I was a young volunteer at the correspondents’ dinner. Here’s what I hope we learn.

I had looked forward to volunteering at Saturday evening’s White House Correspondents’ Dinner for months. Verifying attendees’ tickets before they went through magnetometers, I helped welcome a wide array of guests, including reporters, sources, Democrats, Republicans and celebrities, all excitedly arriving at the ballroom from receptions and the red carpet. The hotel was filled with a sense of camaraderie rarely felt in our nation’s capital. 

After most of the guests had filed in, I headed to the volunteer room for a quick dinner break. Minutes after sitting down with other volunteers, we heard a sequence of loud bangs just down the hall from us at the security checkpoint. Recognizing the noises as gunshots, our response at this point was not biological instinct. It was not a result of watching action movies or playing video games during the Covid-19 pandemic. For my generation, video clips and articles about school shootings and political violence are mainstays of our conscience and social media feeds. Lockdown drills are a routine of growing up. 

My reaction reflected the motto “run, hide, fight” that I have heard a thousand times before.

When I heard the shots, my first response was not shock or surprise. Even though I had never been in a shooting, it almost felt like I had dealt with a similar scenario before. My reaction reflected the motto “run, hide, fight” that I have heard a thousand times before. We immediately bolted through the back of the hotel. At first we considered hiding in a bathroom, but we realized there was nothing to barricade the door with, so we continued through an emergency exit and hid in a staircase.

After some time, and not encountering any additional law enforcement or fearing an assailant would find us in the staircase, we walked out into the hotel’s parking lot, raising our hands above our heads and calling out to anyone who might be in the vicinity. We passed law enforcement agents, running in what seemed like every direction, and headed out into the street. I later found out the assailant assembled his weapon in front of the volunteer station I was next to minutes before. By nature of luck and the grace of G-d, I was on my dinner break. 

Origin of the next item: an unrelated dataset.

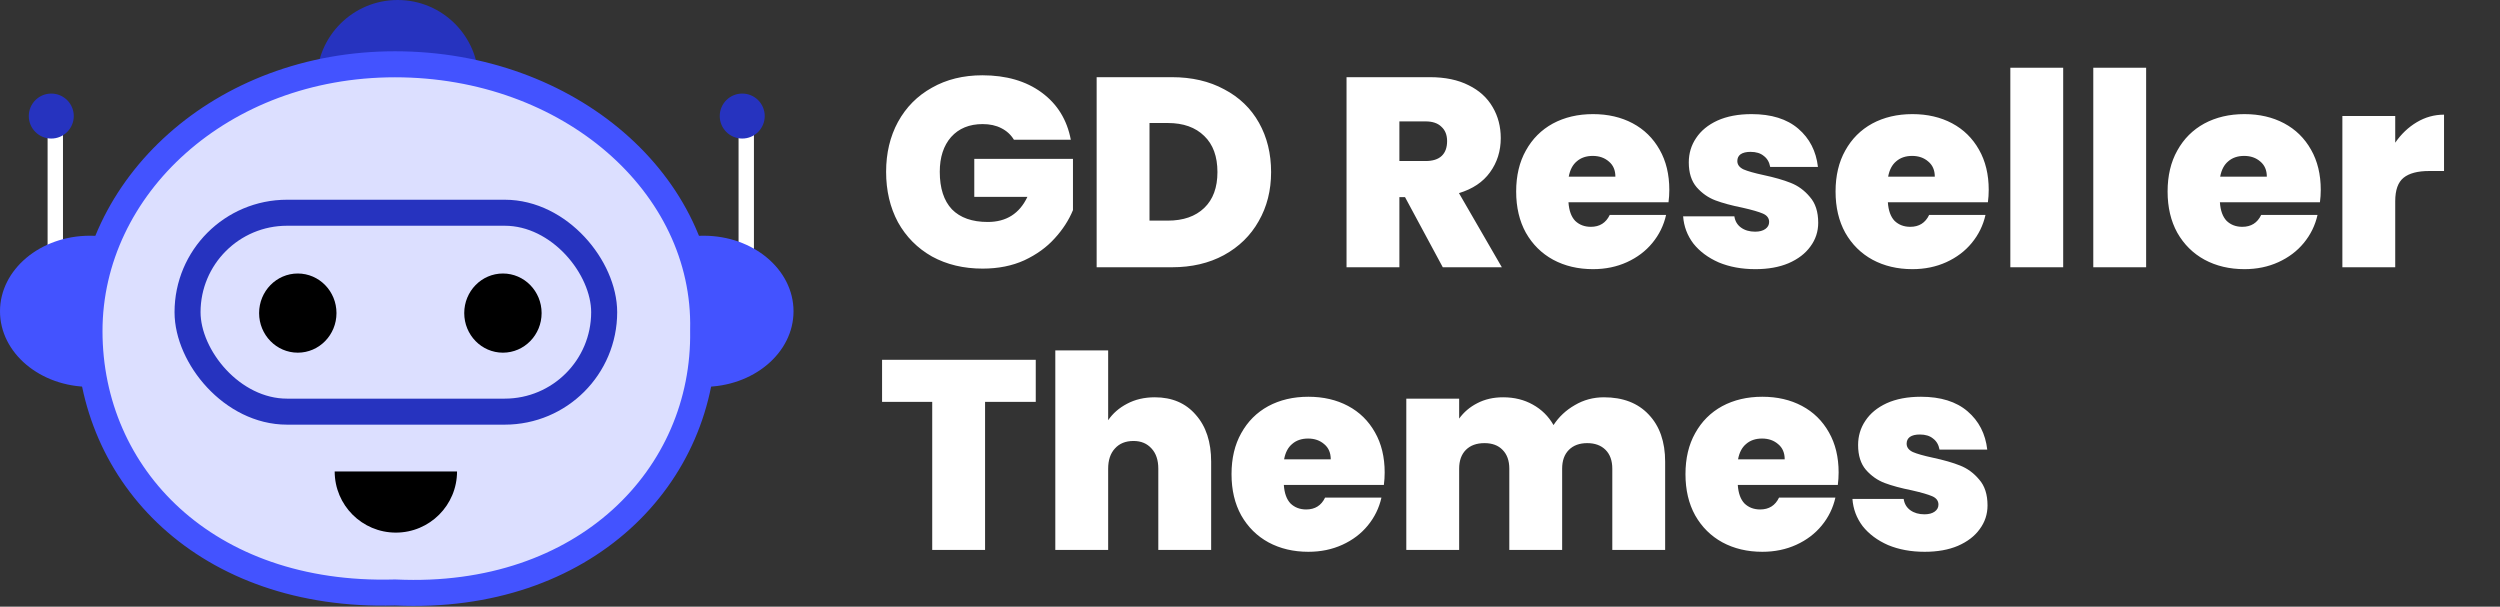 <svg xmlns="http://www.w3.org/2000/svg" width="2114" height="513" viewBox="0 0 2114 513" fill="none"><rect x="0" y="0" width="2114" height="513" fill="#333333" stroke="none"/><line x1="631.027" y1="214.548" x2="631.027" y2="111.072" stroke="white" stroke-width="13"></line><line x1="46.754" y1="214.548" x2="46.754" y2="111.072" stroke="white" stroke-width="13"></line><path d="M267.793 68.469H404.732V68.469C404.732 30.655 374.077 -0 336.262 -0V-0C298.448 -0 267.793 30.655 267.793 68.469V68.469Z" fill="#2633BF"></path><ellipse cx="76.077" cy="263.227" rx="76.077" ry="63.905" fill="#4353FF"></ellipse><ellipse cx="594.925" cy="263.227" rx="76.077" ry="63.905" fill="#4353FF"></ellipse><path d="M594.575 278.947L594.57 279.171L594.574 279.396C596.731 402.375 494.777 508.363 334.493 501.01L334.089 500.992L333.685 501.003C174.045 505.417 75.676 402.471 75.676 279.964C75.676 157.816 187.126 54.364 333.989 54.364C481.337 54.364 597.435 155.966 594.575 278.947Z" fill="#DCDFFF" stroke="#4353FF" stroke-width="22"></path><circle cx="43.363" cy="98.139" r="19.019" fill="#2633BF"></circle><circle cx="627.636" cy="98.139" r="19.019" fill="#2633BF"></circle><ellipse cx="425.272" cy="264.748" rx="32.713" ry="33.474" fill="black"></ellipse><ellipse cx="251.815" cy="264.748" rx="32.713" ry="33.474" fill="black"></ellipse><rect x="158.59" y="179.891" width="352.299" height="168.193" rx="84.096" stroke="#2633BF" stroke-width="22"></rect><path d="M283.008 398.644H386.473V398.644C386.473 427.215 363.311 450.376 334.74 450.376V450.376C306.169 450.376 283.008 427.215 283.008 398.644V398.644Z" fill="black"></path><path d="M857.368 118.156C854.784 113.9 851.212 110.632 846.652 108.352C842.244 106.072 837 104.932 830.92 104.932C819.672 104.932 810.78 108.58 804.244 115.876C797.86 123.172 794.668 132.976 794.668 145.288C794.668 159.12 798.088 169.684 804.928 176.98C811.92 184.124 822.028 187.696 835.252 187.696C850.908 187.696 862.08 180.628 868.768 166.492H823.852V134.344H907.3V177.664C903.804 186.176 898.636 194.156 891.796 201.604C885.108 209.052 876.596 215.208 866.26 220.072C855.924 224.784 844.144 227.14 830.92 227.14C814.808 227.14 800.52 223.72 788.056 216.88C775.744 209.888 766.168 200.236 759.328 187.924C752.64 175.46 749.296 161.248 749.296 145.288C749.296 129.48 752.64 115.42 759.328 103.108C766.168 90.644 775.744 80.992 788.056 74.152C800.368 67.16 814.58 63.664 830.692 63.664C850.908 63.664 867.628 68.528 880.852 78.256C894.076 87.984 902.284 101.284 905.476 118.156H857.368ZM990.939 65.26C1007.81 65.26 1022.55 68.68 1035.17 75.52C1047.94 82.208 1057.74 91.632 1064.58 103.792C1071.42 115.952 1074.84 129.86 1074.84 145.516C1074.84 161.02 1071.35 174.852 1064.35 187.012C1057.51 199.172 1047.71 208.748 1034.94 215.74C1022.33 222.58 1007.66 226 990.939 226H927.327V65.26H990.939ZM987.519 186.556C1000.59 186.556 1010.85 182.984 1018.3 175.84C1025.75 168.696 1029.47 158.588 1029.47 145.516C1029.47 132.292 1025.75 122.108 1018.3 114.964C1010.85 107.668 1000.59 104.02 987.519 104.02H972.015V186.556H987.519ZM1220.02 226L1188.1 166.72H1183.32V226H1138.63V65.26H1209.08C1222 65.26 1232.94 67.54 1241.91 72.1C1250.88 76.508 1257.64 82.664 1262.2 90.568C1266.76 98.32 1269.04 107.06 1269.04 116.788C1269.04 127.732 1266 137.384 1259.92 145.744C1254 153.952 1245.26 159.804 1233.7 163.3L1269.96 226H1220.02ZM1183.32 136.168H1205.43C1211.51 136.168 1216.07 134.724 1219.11 131.836C1222.15 128.948 1223.67 124.768 1223.67 119.296C1223.67 114.128 1222.08 110.1 1218.88 107.212C1215.84 104.172 1211.36 102.652 1205.43 102.652H1183.32V136.168ZM1411.57 160.564C1411.57 164.06 1411.35 167.556 1410.89 171.052H1326.3C1326.76 178.044 1328.66 183.288 1332 186.784C1335.5 190.128 1339.91 191.8 1345.23 191.8C1352.67 191.8 1357.99 188.456 1361.19 181.768H1408.84C1406.86 190.584 1402.99 198.488 1397.21 205.48C1391.59 212.32 1384.44 217.716 1375.78 221.668C1367.11 225.62 1357.54 227.596 1347.05 227.596C1334.43 227.596 1323.19 224.936 1313.31 219.616C1303.58 214.296 1295.9 206.696 1290.28 196.816C1284.81 186.936 1282.07 175.308 1282.07 161.932C1282.07 148.556 1284.81 137.004 1290.28 127.276C1295.75 117.396 1303.35 109.796 1313.08 104.476C1322.96 99.156 1334.28 96.496 1347.05 96.496C1359.67 96.496 1370.84 99.08 1380.57 104.248C1390.29 109.416 1397.89 116.864 1403.37 126.592C1408.84 136.168 1411.57 147.492 1411.57 160.564ZM1365.97 149.392C1365.97 143.92 1364.15 139.664 1360.5 136.624C1356.85 133.432 1352.29 131.836 1346.82 131.836C1341.35 131.836 1336.87 133.356 1333.37 136.396C1329.87 139.284 1327.59 143.616 1326.53 149.392H1365.97ZM1484.35 227.596C1472.8 227.596 1462.47 225.696 1453.35 221.896C1444.38 217.944 1437.23 212.624 1431.91 205.936C1426.75 199.096 1423.86 191.42 1423.25 182.908H1466.57C1467.18 187.012 1469.08 190.204 1472.27 192.484C1475.46 194.764 1479.41 195.904 1484.13 195.904C1487.77 195.904 1490.66 195.144 1492.79 193.624C1494.92 192.104 1495.98 190.128 1495.98 187.696C1495.98 184.504 1494.23 182.148 1490.74 180.628C1487.24 179.108 1481.47 177.436 1473.41 175.612C1464.29 173.788 1456.69 171.736 1450.61 169.456C1444.53 167.176 1439.21 163.452 1434.65 158.284C1430.24 153.116 1428.04 146.124 1428.04 137.308C1428.04 129.708 1430.09 122.868 1434.19 116.788C1438.3 110.556 1444.3 105.616 1452.21 101.968C1460.26 98.32 1469.91 96.496 1481.16 96.496C1497.88 96.496 1511.03 100.6 1520.61 108.808C1530.18 117.016 1535.73 127.808 1537.25 141.184H1496.89C1496.13 137.08 1494.31 133.964 1491.42 131.836C1488.69 129.556 1484.96 128.416 1480.25 128.416C1476.6 128.416 1473.79 129.1 1471.81 130.468C1469.99 131.836 1469.08 133.736 1469.08 136.168C1469.08 139.208 1470.83 141.564 1474.32 143.236C1477.82 144.756 1483.44 146.352 1491.19 148.024C1500.47 150 1508.14 152.204 1514.22 154.636C1520.45 157.068 1525.85 161.02 1530.41 166.492C1535.12 171.812 1537.48 179.108 1537.48 188.38C1537.48 195.828 1535.27 202.516 1530.87 208.444C1526.61 214.372 1520.45 219.084 1512.4 222.58C1504.49 225.924 1495.15 227.596 1484.35 227.596ZM1681.66 160.564C1681.66 164.06 1681.43 167.556 1680.97 171.052H1596.38C1596.84 178.044 1598.74 183.288 1602.08 186.784C1605.58 190.128 1609.99 191.8 1615.31 191.8C1622.76 191.8 1628.08 188.456 1631.27 181.768H1678.92C1676.94 190.584 1673.07 198.488 1667.29 205.48C1661.67 212.32 1654.52 217.716 1645.86 221.668C1637.2 225.62 1627.62 227.596 1617.13 227.596C1604.52 227.596 1593.27 224.936 1583.39 219.616C1573.66 214.296 1565.98 206.696 1560.36 196.816C1554.89 186.936 1552.15 175.308 1552.15 161.932C1552.15 148.556 1554.89 137.004 1560.36 127.276C1565.83 117.396 1573.43 109.796 1583.16 104.476C1593.04 99.156 1604.36 96.496 1617.13 96.496C1629.75 96.496 1640.92 99.08 1650.65 104.248C1660.38 109.416 1667.98 116.864 1673.45 126.592C1678.92 136.168 1681.66 147.492 1681.66 160.564ZM1636.06 149.392C1636.06 143.92 1634.23 139.664 1630.58 136.624C1626.94 133.432 1622.38 131.836 1616.9 131.836C1611.43 131.836 1606.95 133.356 1603.45 136.396C1599.96 139.284 1597.68 143.616 1596.61 149.392H1636.06ZM1744.63 57.28V226H1699.94V57.28H1744.63ZM1814.77 57.28V226H1770.08V57.28H1814.77ZM1962.43 160.564C1962.43 164.06 1962.2 167.556 1961.74 171.052H1877.15C1877.61 178.044 1879.51 183.288 1882.85 186.784C1886.35 190.128 1890.76 191.8 1896.08 191.8C1903.53 191.8 1908.85 188.456 1912.04 181.768H1959.69C1957.71 190.584 1953.84 198.488 1948.06 205.48C1942.44 212.32 1935.29 217.716 1926.63 221.668C1917.97 225.62 1908.39 227.596 1897.9 227.596C1885.29 227.596 1874.04 224.936 1864.16 219.616C1854.43 214.296 1846.75 206.696 1841.13 196.816C1835.66 186.936 1832.92 175.308 1832.92 161.932C1832.92 148.556 1835.66 137.004 1841.13 127.276C1846.6 117.396 1854.2 109.796 1863.93 104.476C1873.81 99.156 1885.13 96.496 1897.9 96.496C1910.52 96.496 1921.69 99.08 1931.42 104.248C1941.15 109.416 1948.75 116.864 1954.22 126.592C1959.69 136.168 1962.43 147.492 1962.43 160.564ZM1916.83 149.392C1916.83 143.92 1915 139.664 1911.35 136.624C1907.71 133.432 1903.15 131.836 1897.67 131.836C1892.2 131.836 1887.72 133.356 1884.22 136.396C1880.73 139.284 1878.45 143.616 1877.38 149.392H1916.83ZM2025.4 120.664C2030.42 113.368 2036.5 107.592 2043.64 103.336C2050.79 99.08 2058.46 96.952 2066.67 96.952V144.604H2054.13C2044.4 144.604 2037.18 146.504 2032.47 150.304C2027.76 154.104 2025.4 160.716 2025.4 170.14V226H1980.71V98.092H2025.4V120.664ZM875.836 304.26V339.828H832.972V465H788.284V339.828H745.876V304.26H875.836ZM976.502 335.952C991.094 335.952 1002.65 340.892 1011.16 350.772C1019.82 360.5 1024.15 373.724 1024.15 390.444V465H979.466V396.372C979.466 389.076 977.566 383.376 973.766 379.272C969.966 375.016 964.874 372.888 958.49 372.888C951.802 372.888 946.558 375.016 942.758 379.272C938.958 383.376 937.058 389.076 937.058 396.372V465H892.37V296.28H937.058V355.332C941.01 349.556 946.33 344.92 953.018 341.424C959.858 337.776 967.686 335.952 976.502 335.952ZM1170.88 399.564C1170.88 403.06 1170.65 406.556 1170.2 410.052H1085.61C1086.07 417.044 1087.97 422.288 1091.31 425.784C1094.81 429.128 1099.21 430.8 1104.53 430.8C1111.98 430.8 1117.3 427.456 1120.49 420.768H1168.15C1166.17 429.584 1162.29 437.488 1156.52 444.48C1150.89 451.32 1143.75 456.716 1135.09 460.668C1126.42 464.62 1116.85 466.596 1106.36 466.596C1093.74 466.596 1082.49 463.936 1072.61 458.616C1062.89 453.296 1055.21 445.696 1049.59 435.816C1044.11 425.936 1041.38 414.308 1041.38 400.932C1041.38 387.556 1044.11 376.004 1049.59 366.276C1055.06 356.396 1062.66 348.796 1072.39 343.476C1082.27 338.156 1093.59 335.496 1106.36 335.496C1118.97 335.496 1130.15 338.08 1139.87 343.248C1149.6 348.416 1157.2 355.864 1162.67 365.592C1168.15 375.168 1170.88 386.492 1170.88 399.564ZM1125.28 388.392C1125.28 382.92 1123.46 378.664 1119.81 375.624C1116.16 372.432 1111.6 370.836 1106.13 370.836C1100.66 370.836 1096.17 372.356 1092.68 375.396C1089.18 378.284 1086.9 382.616 1085.84 388.392H1125.28ZM1356.29 335.952C1372.41 335.952 1385.02 340.816 1394.14 350.544C1403.41 360.272 1408.05 373.572 1408.05 390.444V465H1363.36V396.372C1363.36 389.532 1361.46 384.212 1357.66 380.412C1353.86 376.612 1348.69 374.712 1342.16 374.712C1335.62 374.712 1330.45 376.612 1326.65 380.412C1322.85 384.212 1320.95 389.532 1320.95 396.372V465H1276.27V396.372C1276.27 389.532 1274.37 384.212 1270.57 380.412C1266.92 376.612 1261.83 374.712 1255.29 374.712C1248.6 374.712 1243.36 376.612 1239.56 380.412C1235.76 384.212 1233.86 389.532 1233.86 396.372V465H1189.17V337.092H1233.86V353.964C1237.81 348.492 1242.9 344.16 1249.13 340.968C1255.52 337.624 1262.81 335.952 1271.02 335.952C1280.45 335.952 1288.81 338.004 1296.1 342.108C1303.55 346.212 1309.4 351.988 1313.66 359.436C1318.22 352.444 1324.22 346.82 1331.67 342.564C1339.12 338.156 1347.33 335.952 1356.29 335.952ZM1554.74 399.564C1554.74 403.06 1554.51 406.556 1554.06 410.052H1469.47C1469.93 417.044 1471.83 422.288 1475.17 425.784C1478.67 429.128 1483.07 430.8 1488.39 430.8C1495.84 430.8 1501.16 427.456 1504.35 420.768H1552.01C1550.03 429.584 1546.15 437.488 1540.38 444.48C1534.75 451.32 1527.61 456.716 1518.95 460.668C1510.28 464.62 1500.71 466.596 1490.22 466.596C1477.6 466.596 1466.35 463.936 1456.47 458.616C1446.75 453.296 1439.07 445.696 1433.45 435.816C1427.97 425.936 1425.24 414.308 1425.24 400.932C1425.24 387.556 1427.97 376.004 1433.45 366.276C1438.92 356.396 1446.52 348.796 1456.25 343.476C1466.13 338.156 1477.45 335.496 1490.22 335.496C1502.83 335.496 1514.01 338.08 1523.73 343.248C1533.46 348.416 1541.06 355.864 1546.53 365.592C1552.01 375.168 1554.74 386.492 1554.74 399.564ZM1509.14 388.392C1509.14 382.92 1507.32 378.664 1503.67 375.624C1500.02 372.432 1495.46 370.836 1489.99 370.836C1484.52 370.836 1480.03 372.356 1476.54 375.396C1473.04 378.284 1470.76 382.616 1469.7 388.392H1509.14ZM1627.52 466.596C1615.97 466.596 1605.63 464.696 1596.51 460.896C1587.55 456.944 1580.4 451.624 1575.08 444.936C1569.91 438.096 1567.03 430.42 1566.42 421.908H1609.74C1610.35 426.012 1612.25 429.204 1615.44 431.484C1618.63 433.764 1622.58 434.904 1627.29 434.904C1630.94 434.904 1633.83 434.144 1635.96 432.624C1638.09 431.104 1639.15 429.128 1639.15 426.696C1639.15 423.504 1637.4 421.148 1633.91 419.628C1630.41 418.108 1624.63 416.436 1616.58 414.612C1607.46 412.788 1599.86 410.736 1593.78 408.456C1587.7 406.176 1582.38 402.452 1577.82 397.284C1573.41 392.116 1571.21 385.124 1571.21 376.308C1571.21 368.708 1573.26 361.868 1577.36 355.788C1581.47 349.556 1587.47 344.616 1595.37 340.968C1603.43 337.32 1613.08 335.496 1624.33 335.496C1641.05 335.496 1654.2 339.6 1663.77 347.808C1673.35 356.016 1678.9 366.808 1680.42 380.184H1640.06C1639.3 376.08 1637.48 372.964 1634.59 370.836C1631.85 368.556 1628.13 367.416 1623.42 367.416C1619.77 367.416 1616.96 368.1 1614.98 369.468C1613.16 370.836 1612.25 372.736 1612.25 375.168C1612.25 378.208 1613.99 380.564 1617.49 382.236C1620.99 383.756 1626.61 385.352 1634.36 387.024C1643.63 389 1651.31 391.204 1657.39 393.636C1663.62 396.068 1669.02 400.02 1673.58 405.492C1678.29 410.812 1680.65 418.108 1680.65 427.38C1680.65 434.828 1678.44 441.516 1674.03 447.444C1669.78 453.372 1663.62 458.084 1655.57 461.58C1647.66 464.924 1638.31 466.596 1627.52 466.596Z" fill="white"></path></svg>

Saturday night, many of the most powerful individuals, nationally and globally, grasped the same sense of fear that too many young Americans experience daily while simply going about their lives. Tragedy after tragedy, from Sandy Hook and Parkland to Tree of Life and Charleston, have led to more frequent lockdown drills, more fortified places of worship and a heightened sense of anxiety at public events. 

Saturday night was the first time I have ever run away from gunshots, but many young people I know have been there before. I was a camp counselor to young kids who survived the Highland Park July 4 mass shooting, had former coworkers who were near the MSU Student Union, had friends who attended Stoneman Douglas and know those who lost classmates at Brown University this winter. Two years ago, I anxiously messaged my older sister while she was barricaded in a bathroom due to an active shooter near her campus.

My generation has never known the sense of safety that previous generations once took for granted in the very same spaces.  We also do not know a “normal” politics of decorum, diplomacy or dialogue. The beginning of Saturday night’s event was my first brief taste of a politics where traditional political opposition gave way to a spirit of unity, joy and bipartisan camaraderie. 

The excitement of Saturday’s event — and how quickly it was snatched away — offers a lesson that I’m hoping is not lost on the individuals who were in the room. Gun violence and political violence are diseases infecting American society. Collectively, we must lower the temperature and use this moment as a call to action. My generation’s future depends on it.